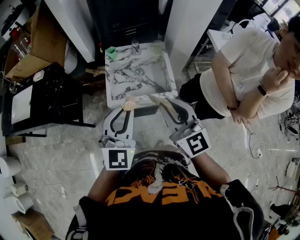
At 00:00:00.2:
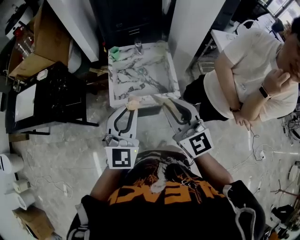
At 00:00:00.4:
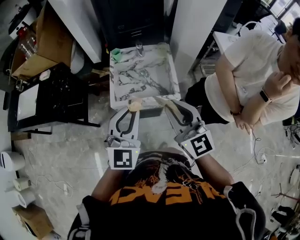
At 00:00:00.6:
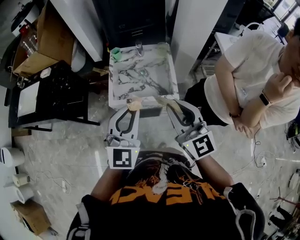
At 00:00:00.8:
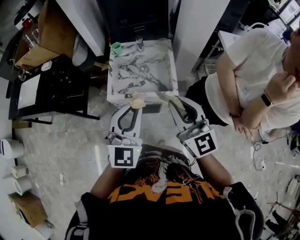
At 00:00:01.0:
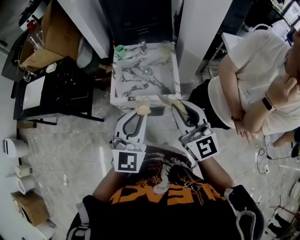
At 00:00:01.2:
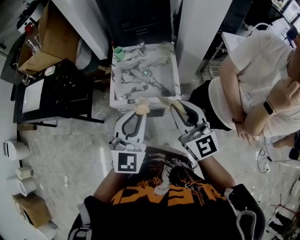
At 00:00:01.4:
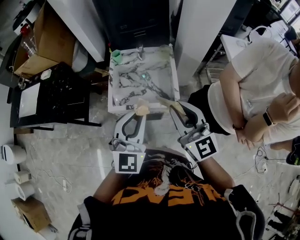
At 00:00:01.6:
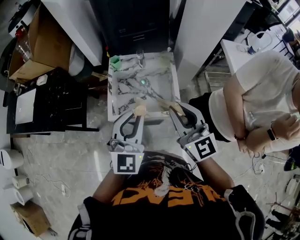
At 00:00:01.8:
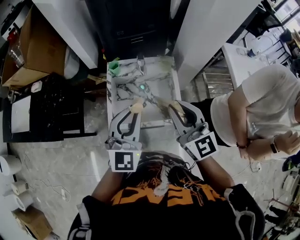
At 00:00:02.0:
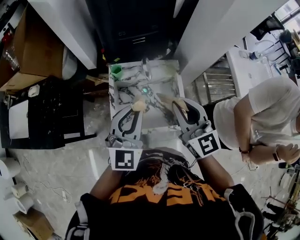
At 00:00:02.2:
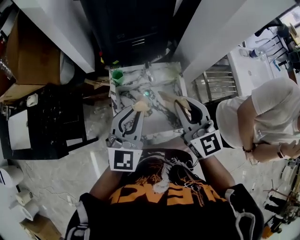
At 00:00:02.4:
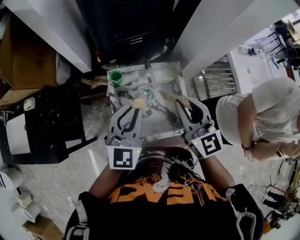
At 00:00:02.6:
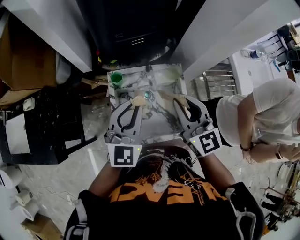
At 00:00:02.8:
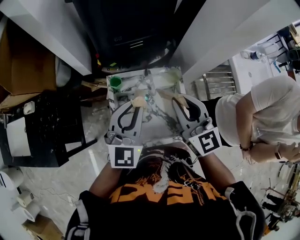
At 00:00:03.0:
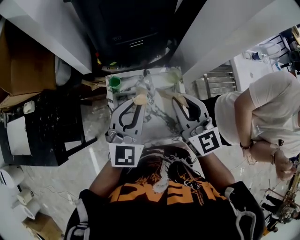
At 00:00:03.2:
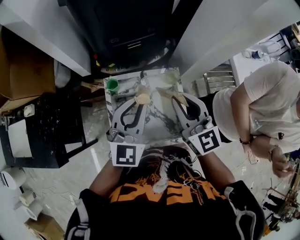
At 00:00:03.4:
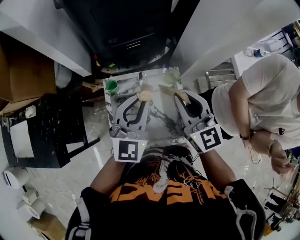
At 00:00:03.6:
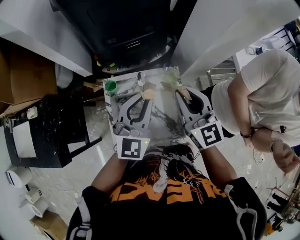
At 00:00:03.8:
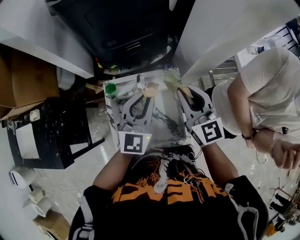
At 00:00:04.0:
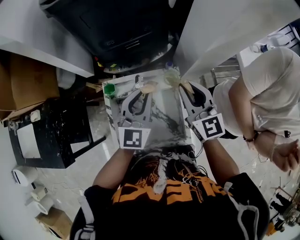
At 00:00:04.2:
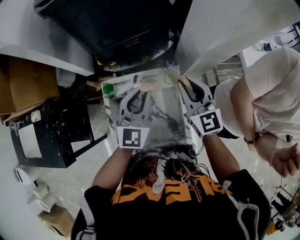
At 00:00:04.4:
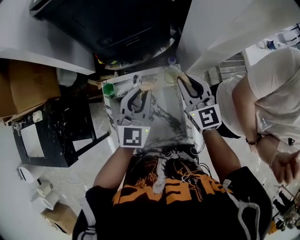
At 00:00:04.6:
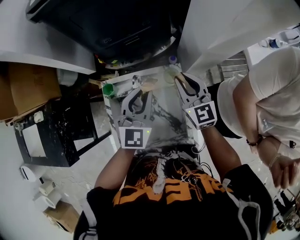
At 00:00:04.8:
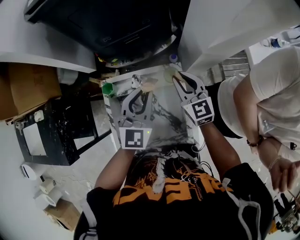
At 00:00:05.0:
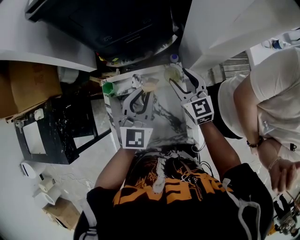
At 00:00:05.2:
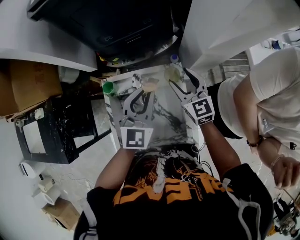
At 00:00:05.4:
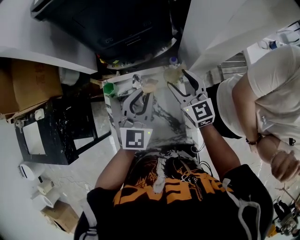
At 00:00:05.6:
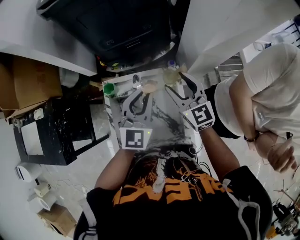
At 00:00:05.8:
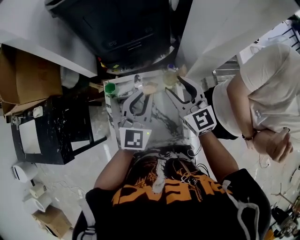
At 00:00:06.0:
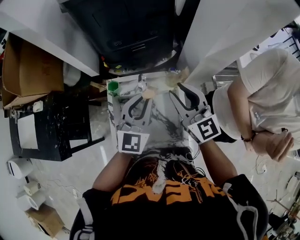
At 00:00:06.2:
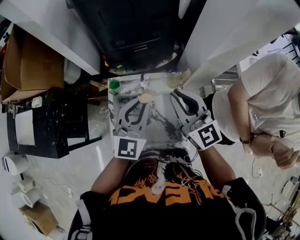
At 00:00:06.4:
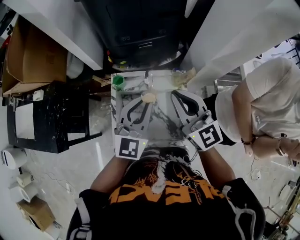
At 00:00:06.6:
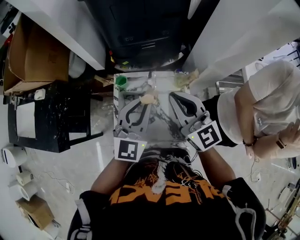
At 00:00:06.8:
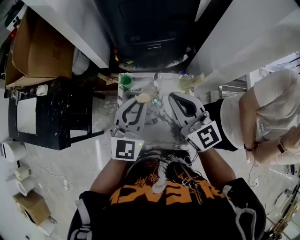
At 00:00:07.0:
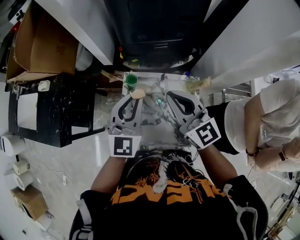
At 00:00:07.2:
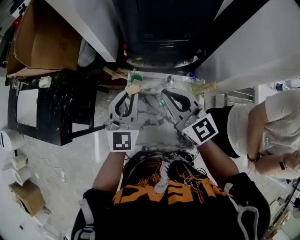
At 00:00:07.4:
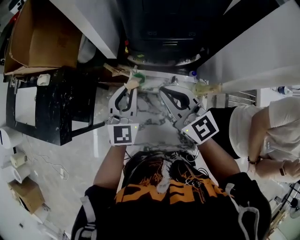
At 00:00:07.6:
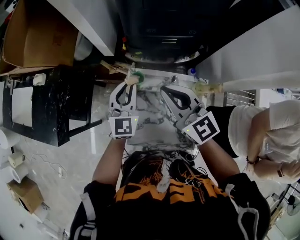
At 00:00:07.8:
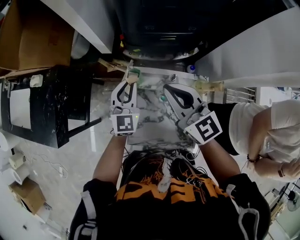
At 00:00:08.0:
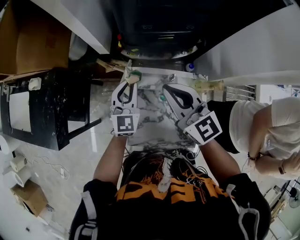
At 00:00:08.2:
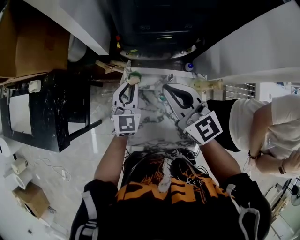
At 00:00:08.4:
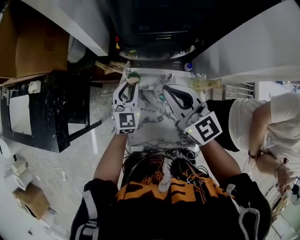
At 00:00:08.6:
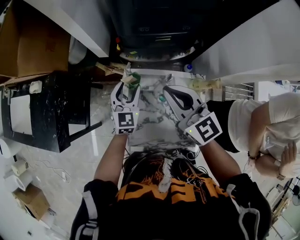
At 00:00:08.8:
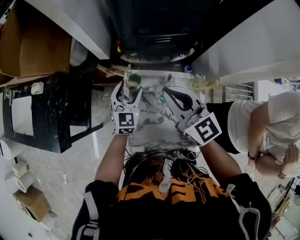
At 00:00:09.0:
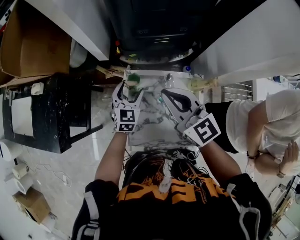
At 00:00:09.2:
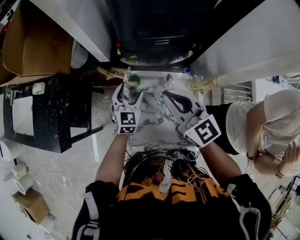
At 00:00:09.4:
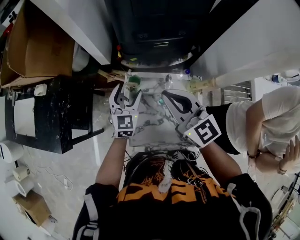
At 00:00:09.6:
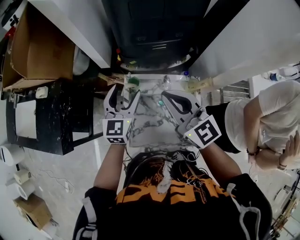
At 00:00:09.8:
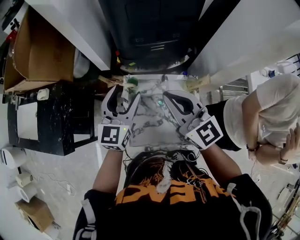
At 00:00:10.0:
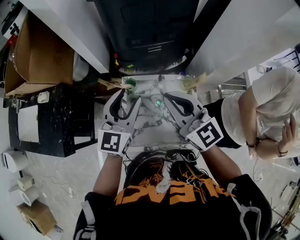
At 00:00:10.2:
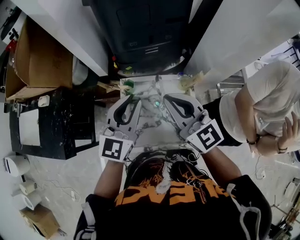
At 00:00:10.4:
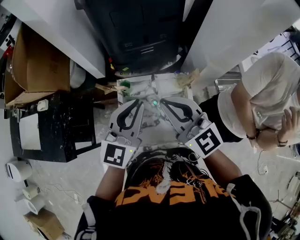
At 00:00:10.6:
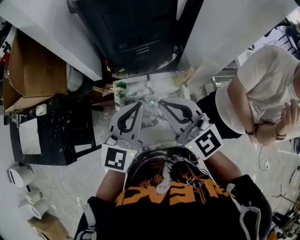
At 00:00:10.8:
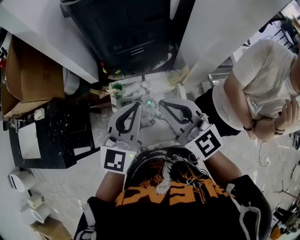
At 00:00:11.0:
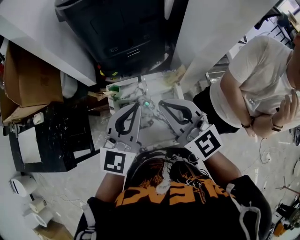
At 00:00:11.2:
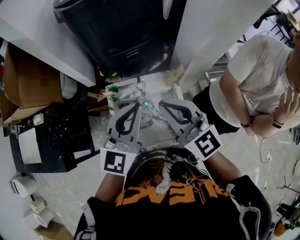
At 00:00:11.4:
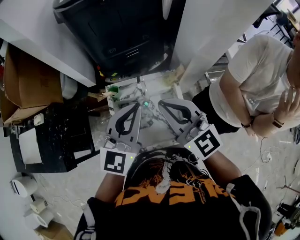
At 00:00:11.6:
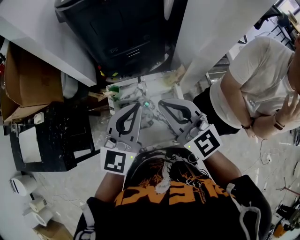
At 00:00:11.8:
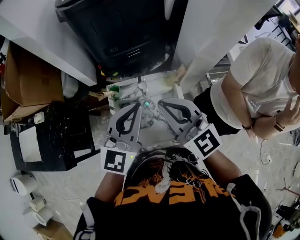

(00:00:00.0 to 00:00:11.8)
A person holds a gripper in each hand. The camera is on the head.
00:00:00.0 - 00:00:01.4: The grippers both shift to the right by about 10 cm.
00:00:01.4 - 00:00:03.0: Both grippers move forward, about 30 cm.
00:00:03.0 - 00:00:04.4: Both grippers move forward, to the right and downward, some 20 cm.
00:00:04.4 - 00:00:06.0: The right gripper heads upward, backward and to the left, covering some 10 cm, and opens, then closes once more. Meanwhile the left gripper travels backward by about 5 cm.
00:00:06.0 - 00:00:07.4: The left gripper shifts about 20 cm to the left and forward, and swivels about 20 degrees, while the right gripper shifts approximately 20 cm to the left, swivels about 20 degrees, and closes.
00:00:07.4 - 00:00:08.8: The left gripper goes approximately 15 cm downward, and opens its fingers.
00:00:08.8 - 00:00:10.4: The right gripper goes about 15 cm backward and upward; the left gripper heads upward and backward, covering some 30 cm, swivels approximately 30 degrees, and closes up.
00:00:10.4 - 00:00:11.8: The left gripper shifts by about 5 cm.
+---+
What needs to be done: Give back the entries verbatim. Do not include any picture.

Task answer:
At 00:00:00.2:
At 00:00:00.4:
At 00:00:00.6:
At 00:00:00.8:
At 00:00:01.0:
At 00:00:01.2:
At 00:00:01.4:
At 00:00:01.6:
At 00:00:01.8:
At 00:00:02.0:
At 00:00:02.2:
At 00:00:02.4:
At 00:00:02.6:
At 00:00:02.8:
At 00:00:03.0:
At 00:00:03.2:
At 00:00:03.4:
At 00:00:03.6:
At 00:00:03.8:
At 00:00:04.0:
At 00:00:04.2:
At 00:00:04.4:
At 00:00:04.6:
At 00:00:04.8:
At 00:00:05.0:
At 00:00:05.2:
At 00:00:05.4:
At 00:00:05.6:
At 00:00:05.8:
At 00:00:06.0:
At 00:00:06.2:
At 00:00:06.4:
At 00:00:06.6:
At 00:00:06.8:
At 00:00:07.0:
At 00:00:07.2:
At 00:00:07.4:
At 00:00:07.6:
At 00:00:07.8:
At 00:00:08.0:
At 00:00:08.2:
At 00:00:08.4:
At 00:00:08.6:
At 00:00:08.8:
At 00:00:09.0:
At 00:00:09.2:
At 00:00:09.4:
At 00:00:09.6:
At 00:00:09.8:
At 00:00:10.0:
At 00:00:10.2:
At 00:00:10.4:
At 00:00:10.6:
At 00:00:10.8:
At 00:00:11.0:
At 00:00:11.2:
At 00:00:11.4:
At 00:00:11.6:
At 00:00:11.8:

(00:00:00.0 to 00:00:11.8)
A person holds a gripper in each hand. The camera is on the head.
00:00:00.0 - 00:00:01.4: The grippers both shift to the right by about 10 cm.
00:00:01.4 - 00:00:03.0: Both grippers move forward, about 30 cm.
00:00:03.0 - 00:00:04.4: Both grippers move forward, to the right and downward, some 20 cm.
00:00:04.4 - 00:00:06.0: The right gripper heads upward, backward and to the left, covering some 10 cm, and opens, then closes once more. Meanwhile the left gripper travels backward by about 5 cm.
00:00:06.0 - 00:00:07.4: The left gripper shifts about 20 cm to the left and forward, and swivels about 20 degrees, while the right gripper shifts approximately 20 cm to the left, swivels about 20 degrees, and closes.
00:00:07.4 - 00:00:08.8: The left gripper goes approximately 15 cm downward, and opens its fingers.
00:00:08.8 - 00:00:10.4: The right gripper goes about 15 cm backward and upward; the left gripper heads upward and backward, covering some 30 cm, swivels approximately 30 degrees, and closes up.
00:00:10.4 - 00:00:11.8: The left gripper shifts by about 5 cm.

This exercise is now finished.